*** DATA TO EXAMINE Section Begins ***
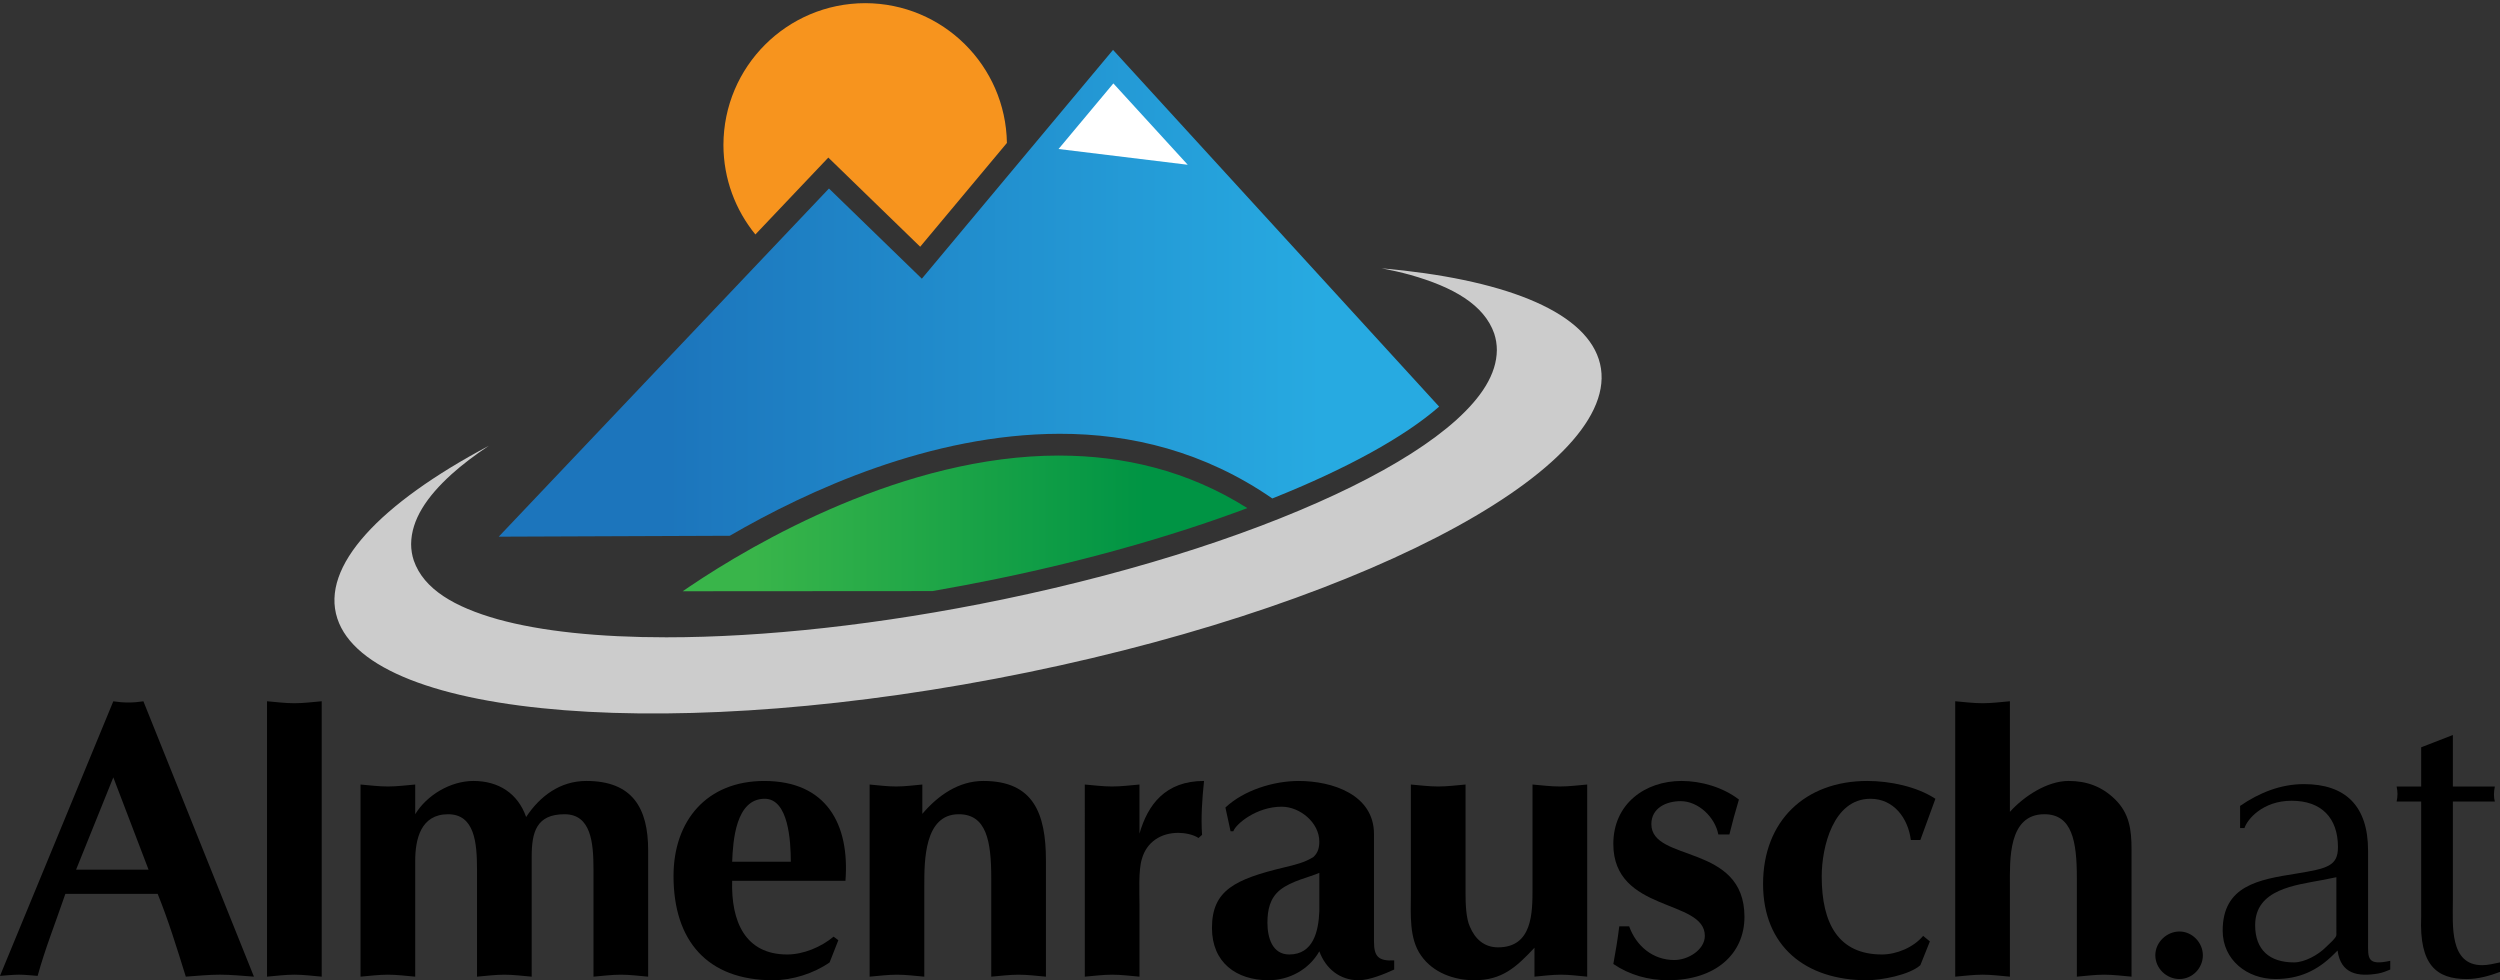 <?xml version="1.0" encoding="utf-8"?>
<!-- Generator: Adobe Illustrator 16.0.0, SVG Export Plug-In . SVG Version: 6.00 Build 0)  -->
<!DOCTYPE svg PUBLIC "-//W3C//DTD SVG 1.1//EN" "http://www.w3.org/Graphics/SVG/1.1/DTD/svg11.dtd">
<svg version="1.1" id="Layer_1" xmlns="http://www.w3.org/2000/svg" xmlns:xlink="http://www.w3.org/1999/xlink" x="0px" y="0px"
	 width="344.619px" height="135.122px" viewBox="0 0 344.619 135.122" enable-background="new 0 0 344.619 135.122"
	 xml:space="preserve">
<rect x="0" y="0" width="344.619" height="135.122" fill="#333333" stroke="none"/>
<g id="text">
	<path d="M9.011,123.216c-1.42,4.15-2.785,7.536-3.823,11.306c-0.874-0.056-1.692-0.164-2.566-0.164S0.873,134.466,0,134.521
		l15.619-37.847c0.71,0.109,1.364,0.164,2.074,0.164s1.365-0.055,2.075-0.164l15.237,37.955c-1.584-0.108-3.113-0.272-4.697-0.272
		c-1.583,0-3.113,0.164-4.696,0.272c-1.256-4.041-2.402-7.756-3.877-11.414H9.011z M20.479,119.884l-4.859-12.724l-5.134,12.724
		H20.479z"/>
	<path d="M44.347,134.63c-1.256-0.108-2.512-0.272-3.769-0.272s-2.513,0.164-3.769,0.272V96.666
		c1.256,0.109,2.512,0.272,3.769,0.272c1.256,0,2.512-0.163,3.769-0.272V134.63z"/>
	<path d="M49.699,108.144c1.256,0.108,2.512,0.271,3.768,0.271s2.512-0.163,3.768-0.271v4.096c1.584-2.621,4.86-4.588,8.028-4.588
		c3.44,0,6.117,1.693,7.263,4.97c1.912-2.895,4.697-4.97,8.302-4.97c6.335,0,8.519,3.714,8.519,9.557v17.422
		c-1.256-0.108-2.512-0.272-3.768-0.272c-1.257,0-2.513,0.164-3.769,0.272v-14.8c0-3.659-0.328-7.591-3.987-7.591
		c-3.877,0-4.532,2.457-4.532,5.844v16.547c-1.256-0.108-2.513-0.272-3.769-0.272s-2.512,0.164-3.768,0.272v-14.8
		c0-3.659-0.328-7.591-3.987-7.591c-3.768,0-4.533,3.439-4.533,6.443v15.946c-1.256-0.108-2.512-0.272-3.768-0.272
		s-2.512,0.164-3.768,0.272L49.699,108.144L49.699,108.144z"/>
	<path d="M100.927,121.414c-0.164,5.625,1.802,10.158,7.591,10.158c2.239,0,4.696-1.037,6.39-2.457l0.655,0.491l-1.202,3.058
		c-2.185,1.529-5.133,2.458-7.81,2.458c-9.065,0-13.707-5.462-13.707-14.362c0-7.646,4.587-13.106,12.506-13.106
		c8.574,0,11.796,5.953,11.195,13.762L100.927,121.414L100.927,121.414z M109.01,118.792c0-2.895-0.328-8.684-3.604-8.684
		c-3.986,0-4.368,5.789-4.479,8.684H109.01z"/>
	<path d="M119.879,108.144c1.202,0.108,2.403,0.271,3.659,0.271c1.202,0,2.402-0.163,3.604-0.271v4.041
		c2.185-2.566,5.024-4.533,8.41-4.533c6.88,0,8.628,4.424,8.628,10.977v16.002c-1.256-0.108-2.512-0.272-3.768-0.272
		c-1.257,0-2.513,0.164-3.77,0.272v-13.599c0-5.079-0.655-8.792-4.478-8.792c-4.751,0-4.751,6.389-4.751,9.83v12.561
		c-1.256-0.108-2.513-0.272-3.769-0.272s-2.512,0.164-3.769,0.272v-26.486H119.879z"/>
	<path d="M149.536,108.144c1.256,0.108,2.512,0.271,3.768,0.271c1.257,0,2.513-0.163,3.769-0.271v6.771
		c1.146-3.985,3.551-7.264,8.901-7.264c-0.271,2.565-0.437,5.079-0.271,7.428l-0.492,0.438c-0.71-0.491-1.911-0.71-2.785-0.71
		c-2.402,0-4.368,1.256-5.023,3.604c-0.491,1.583-0.327,4.587-0.327,6.335v9.885c-1.257-0.108-2.513-0.272-3.77-0.272
		c-1.256,0-2.512,0.164-3.768,0.272L149.536,108.144L149.536,108.144z"/>
	<path d="M189.402,129.824c0,2.021,0.602,2.676,2.785,2.567v1.256c-1.311,0.601-3.386,1.475-4.915,1.475
		c-2.565,0-4.531-1.584-5.405-3.987c-1.421,2.514-4.15,3.987-6.99,3.987c-4.479,0-7.811-2.458-7.811-7.209
		c0-5.188,3.168-6.717,9.994-8.354c1.365-0.327,2.785-0.655,3.986-1.42c0.655-0.602,0.818-1.312,0.818-2.131
		c0-2.62-2.676-4.806-5.188-4.806c-3.495,0-6.335,2.403-6.662,3.386h-0.383l-0.71-3.275c2.566-2.403,6.663-3.659,10.104-3.659
		c4.587,0,10.376,1.856,10.376,7.318V129.824z M181.866,120.322c-1.365,0.601-3.823,1.092-5.406,2.348
		c-1.42,1.147-1.748,2.785-1.748,4.533c0,2.021,0.655,4.369,3.004,4.369c3.331,0,4.041-3.223,4.15-5.953V120.322L181.866,120.322z"
		/>
	<path d="M218.785,134.63c-1.201-0.108-2.402-0.272-3.604-0.272c-1.256,0-2.457,0.164-3.658,0.272v-3.985
		c-2.566,2.729-4.479,4.478-8.301,4.478c-2.785,0-5.68-1.038-7.318-3.386c-1.692-2.349-1.42-5.734-1.42-8.465v-15.127
		c1.257,0.108,2.513,0.271,3.77,0.271c1.256,0,2.512-0.163,3.768-0.271v15.071c0,1.257,0.056,3.387,0.602,4.533
		c0.71,1.692,1.967,2.84,3.878,2.84c4.751,0,4.751-4.752,4.751-8.191v-14.253c1.256,0.108,2.512,0.271,3.769,0.271
		c1.256,0,2.513-0.163,3.769-0.271v26.485H218.785z"/>
	<path d="M224.576,127.695c0.982,2.729,3.276,4.642,6.227,4.642c1.911,0,4.205-1.42,4.205-3.331c0-5.134-12.615-3.168-12.615-12.67
		c0-5.569,4.423-8.684,9.394-8.684c2.729,0,5.733,0.874,7.919,2.565c-0.491,1.64-0.93,3.224-1.312,4.808h-1.528
		c-0.438-2.35-2.73-4.588-5.188-4.588c-1.966,0-4.041,0.929-4.041,3.168c0,5.297,12.834,2.621,12.834,12.778
		c0,5.078-3.933,8.737-10.54,8.737c-2.676,0-5.298-0.71-7.536-2.239c0.327-1.748,0.602-3.439,0.818-5.188L224.576,127.695
		L224.576,127.695z"/>
	<path d="M264.717,115.789h-1.312c-0.382-3.003-2.348-5.68-5.569-5.68c-5.133,0-6.717,6.663-6.717,10.705
		c0,6.553,2.349,10.758,8.301,10.758c2.021,0,4.369-0.982,5.68-2.566l0.929,0.765l-1.312,3.276
		c-1.528,1.365-5.406,2.075-7.372,2.075c-8.465,0-14.309-4.696-14.309-13.271c0-8.685,5.789-14.199,14.362-14.199
		c3.112,0,6.826,0.765,9.394,2.457L264.717,115.789z"/>
	<path d="M277.061,111.912c1.911-2.13,5.134-4.26,8.082-4.26c2.513,0,4.588,0.765,6.391,2.512c2.021,1.967,2.294,4.26,2.294,6.937
		v17.53c-1.257-0.108-2.513-0.272-3.77-0.272c-1.256,0-2.512,0.164-3.768,0.272v-13.599c0-5.079-0.655-8.792-4.479-8.792
		c-5.023,0-4.751,6.334-4.751,9.83v12.561c-1.256-0.108-2.512-0.272-3.769-0.272c-1.256,0-2.513,0.164-3.769,0.272V96.666
		c1.256,0.109,2.513,0.272,3.769,0.272c1.257,0,2.513-0.163,3.769-0.272L277.061,111.912L277.061,111.912z"/>
	<path d="M300.437,128.404c1.748,0,3.222,1.529,3.222,3.277c0,1.802-1.474,3.275-3.222,3.275c-1.802,0-3.331-1.475-3.331-3.275
		C297.105,129.878,298.689,128.404,300.437,128.404z"/>
	<path d="M326.433,129.933c0,2.131-0.164,3.223,3.058,2.512v1.202c-0.382,0.164-1.037,0.437-1.638,0.546
		c-2.84,0.492-5.188,0.055-5.625-3.167l-0.492,0.491c-2.293,2.294-4.806,3.439-8.082,3.439c-3.877,0-7.264-2.621-7.264-6.663
		c0-6.225,4.97-7.044,10.104-7.862c4.314-0.71,5.789-1.037,5.789-3.659c0-4.041-2.294-6.391-6.39-6.391
		c-3.986,0-6.116,2.566-6.499,3.77h-0.601v-3.059c2.62-1.803,5.569-3.004,8.792-3.004c5.733,0,8.848,3.004,8.848,9.175V129.933
		L326.433,129.933z M322.063,120.922l-1.911,0.383c-3.714,0.711-9.284,1.257-9.284,6.227c0,3.44,2.021,5.133,5.353,5.133
		c1.475,0,3.332-1.037,4.369-2.074c0.383-0.383,1.475-1.311,1.475-1.692L322.063,120.922L322.063,120.922z"/>
	<path d="M338.12,101.318v7.099h5.789c-0.164,0.766-0.164,1.529,0,2.075h-5.789v13.707c0,3.332-0.49,8.848,4.041,8.848
		c0.819,0,1.64-0.219,2.458-0.383v1.312c-1.475,0.547-3.004,0.982-4.588,0.982c-4.149,0-6.553-1.911-6.279-8.573v-15.893h-3.387
		c0.164-0.71,0.164-1.365,0-2.075h3.387v-5.405L338.12,101.318z"/>
</g>
<g id="sonne">
	<g>
		<path fill="#F7941E" d="M119.265,0.436c-10.792,0.019-19.522,8.748-19.542,19.546c0.008,4.684,1.66,8.975,4.404,12.339
			l10.054-10.6l12.664,12.292L138.8,19.705C138.632,9.039,129.967,0.455,119.265,0.436z"/>
	</g>
</g>
<g id="hügel">
</g>
<g id="berg">
</g>
<g id="schweif">
	<path fill="#CCCCCC" d="M220.382,49.504c-2.221-6.794-13.461-11.061-29.93-12.522c1.383,0.27,2.711,0.565,3.936,0.906
		c5.949,1.68,10.205,4.127,11.59,8.104v0.004c0.238,0.731,0.361,1.49,0.359,2.258c-0.031,3.362-2.154,6.522-5.574,9.624
		c-3.447,3.106-8.33,6.194-14.391,9.19c-12.115,5.982-28.938,11.573-48.123,15.558c-16.951,3.518-33.066,5.227-46.4,5.227
		c-9.296-0.002-17.234-0.823-23.228-2.485c-5.948-1.68-10.204-4.13-11.583-8.103c-0.246-0.739-0.366-1.504-0.366-2.268
		c0.031-3.364,2.155-6.521,5.575-9.624c1.456-1.312,3.181-2.619,5.129-3.918c-15.04,8.006-23.227,16.611-20.877,23.798
		c4.564,13.97,47.191,17.29,95.209,7.418C189.72,82.799,224.948,63.472,220.382,49.504z"/>
</g>
<g id="Ebene_2_Kopie_Kopie_Kopie_Kopie">
	<g>
		
			<linearGradient id="SVGID_1_" gradientUnits="userSpaceOnUse" x1="405.555" y1="-307.781" x2="351.455" y2="-307.781" gradientTransform="matrix(1 0 0 -1 -247.6 -235.633)">
			<stop  offset="0" style="stop-color:#009444"/>
			<stop  offset="1" style="stop-color:#39B54A"/>
		</linearGradient>
		<path fill="url(#SVGID_1_)" d="M145.98,62.797c-21.283,0.001-41.982,12.023-50.928,18.062c-0.333,0.224-0.648,0.438-0.947,0.644
			l34.426-0.023c3.006-0.519,6.05-1.096,9.122-1.733c12.731-2.631,24.415-6.009,34.292-9.706
			c-8.301-5.231-17.135-7.224-25.894-7.242H145.98z"/>
		
			<linearGradient id="SVGID_2_" gradientUnits="userSpaceOnUse" x1="339.645" y1="-276.062" x2="429.741" y2="-276.062" gradientTransform="matrix(1 0 0 -1 -247.6 -235.633)">
			<stop  offset="0" style="stop-color:#1C75BC"/>
			<stop  offset="1" style="stop-color:#27AAE1"/>
		</linearGradient>
		<path fill="url(#SVGID_2_)" d="M153.429,6.877l-26.354,31.54L114.27,25.986L68.749,73.98l31.85-0.126
			c10.832-6.292,27.721-14.021,45.452-14.057c9.856-0.019,19.993,2.458,29.335,8.915c10.24-4.086,18.227-8.487,22.994-12.659
			L153.429,6.877z"/>
	</g>
</g>
<g id="Ebene_8">
	<polygon fill="#FFFFFF" points="145.917,20.541 153.474,11.498 163.727,22.713 	"/>
</g>
<g id="Ebene_2_Kopie_Kopie_Kopie_Kopie_Kopie">
</g>
</svg>
*** DATA TO EXAMINE Section Ends ***
Return only the number of lines in the listing that contain the word "color".

▶ **RESULT OF THIS TASK**
4